成年健康♂Wistar大鼠, 体质量150 g左右, 由南昌大学医学院动物科学部提供; 2-乙酰氨基芴(2-acetylaminofluorene, 2-AAF; Sigma公司); 聚乙二醇(PEG400, 上海试剂一厂); 小鼠抗大鼠OV-6 mAb(美国S Sell实验室); Mouse anti-human CX43抗体、Mouse anti-human CX32抗体(Santa Cruz公司); 抗小鼠SP试剂盒(北京中杉金桥生物技术有限公司); Lucifer yellow(LY)、Rhodamine D(Sigma公司); TRIzol(Invitrogen公司); Oligo(dT)15(北京天为时代公司); dNTPs(BM公司); M-MLV逆转录酶(Promega公司); 大鼠CX43, CX32, GADPH引物(上海生工公司).
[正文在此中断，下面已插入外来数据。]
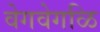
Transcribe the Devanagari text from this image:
वेगवेगळि
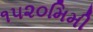
૧૫૨૦મિમી
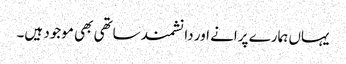
یہاں ہمارے پرانے اور دانشمند ساتھی بھی موجود ہیں۔
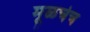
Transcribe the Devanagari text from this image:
मूळचेच
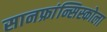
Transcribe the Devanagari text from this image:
सानफ्रांन्सिस्कोला
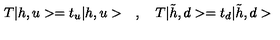
T | h , u > = t _ { u } | h , u > \quad , \quad T | \tilde { h } , d > = t _ { d } | \tilde { h } , d >
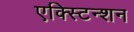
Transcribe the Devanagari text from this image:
एक्स्टिन्शन
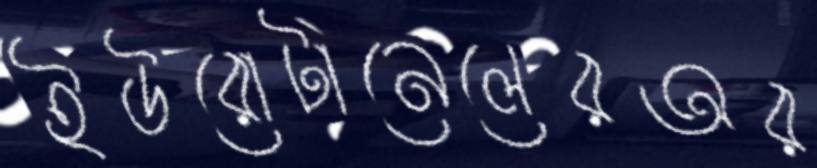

1.2.1 动物处理及标本采集: 大鼠首先随机分成对照组、模型组. 2-AFF用分子量为400的聚乙二醇溶解成浓度为4 g/L的溶液, 模型组大鼠每天按20 mg/kg剂量灌喂, 连续4 d, 第5天不灌喂, 在乙醚吸入麻醉下行2/3肝切除, 术后次日按每天20 mg/kg剂量继续灌喂5 d(2-AFF/PH). 模型组在术后4 h, 4, 8, 12和16 d随机取6只大鼠检测. 对照组大鼠未预特殊处理, 作正常对照(n = 6). 大鼠在乙醚吸入麻醉后剖腹, 取0.5 cm×0.5 cm×0.3 cm的右肝中叶, 置中性缓冲福尔马林液固定, 备行HE染色及免疫组化; 取1.0 cm×1.0 cm×1.0 cm的右肝中叶, 行切开标记/染料示踪技术(incision loading/dye transfer, IL/DT)分析; 剪右肝中叶成50-100 mg的小块若干, 分置液氮保存, 提取总蛋白及RNA.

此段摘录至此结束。